You tend to forget that the "separation of church and state" was in a letter that Jefferson wrote.
mom

United States

#30 Oct 31, 2010
Genius wrote:
How many of the great philosophers you study in college and high school were atheists? Did they advocate doing evil? Nah. Bibles aren't required to do good. In fact, many more people hide behind their Bible to avoid helping mankind than actually get out and help someone in need. Kind of sad, really since Jesus's entire life and philosophy was based on helping those in need.
my daughter is having a really hard time right now,so she went to a well known church to ask for food.first time and she dont get food stamps.they gave her a small bag of dated food. thanks christian.....

Since: Sep 10

Location hidden

#31 Oct 31, 2010
guest wrote:
<quoted text>
The question was how many of the GREAT philosophers were atheists. I contend that all of the great ones believed in a higher power.
<quoted text>
What makes your idea of right and wrong any better than say Adolf Hitler? If there is no basis for morality, then there is no such thing as morality.
See, this is the entire problem with you hopeless fundies. You would rather stand behind an incredibly weak, vapid defense of theism and morality than apply a little common sense. His idea of right and wrong is better than Hitler's because he doesn't think you should kill countless people because of their race, to put it extremely simply.
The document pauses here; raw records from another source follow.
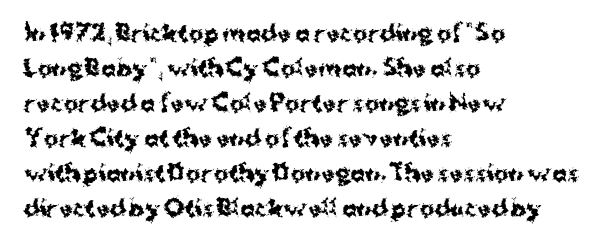
{"italic": "no", "bold": "yes", "underline": "no", "align": "left", "line_spacing": "normal", "line_spacing_ratio": 1.59, "letter_spacing": "normal", "letter_spacing_em": 0.0, "glyph_px": 22}
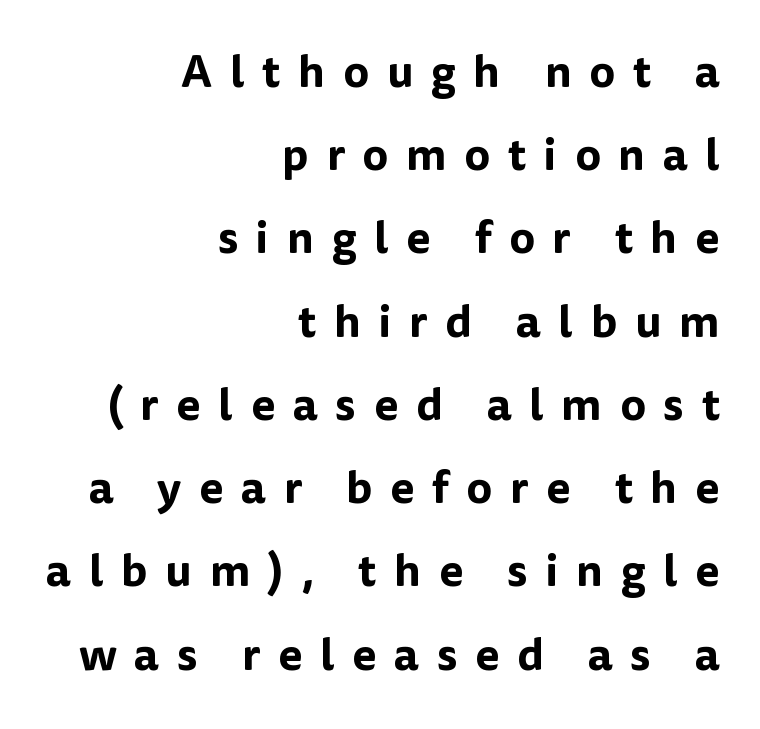
Q: Is the text italic (slanted)? A: No, it is upright.
Q: Is the typeface a serif or a sans-serif typeface? A: Sans-serif.
Q: Is the text underlined? A: No.
Q: How is the paragraph aligned? A: Right-aligned.
Q: Is the spacing between letters normal or unusually wide? A: Unusually wide.
Q: Width (condensed, normal, or wide)? A: Normal.
Q: Stroke contrast? A: Low.
Q: x-height? A: Medium.
Q: Monospaced? A: No.

I feel like living your life while not interfering with others is the best way to live. In that sense I stick by the principles of Laveyan Satanism, if a man is in your way, politely ask him to move. If he doesn't, destroy him.

Life is so much nicer when you're not looking for reasons to judge people.

“ecrasez l'infame”

Since: May 08

Atlanta, Georgia

#32 Nov 1, 2010
guest wrote:
<quoted text>
The question was how many of the GREAT philosophers were atheists. I contend that all of the great ones believed in a higher power.
There was a time when most people believed the world was flat. Didn't make it true.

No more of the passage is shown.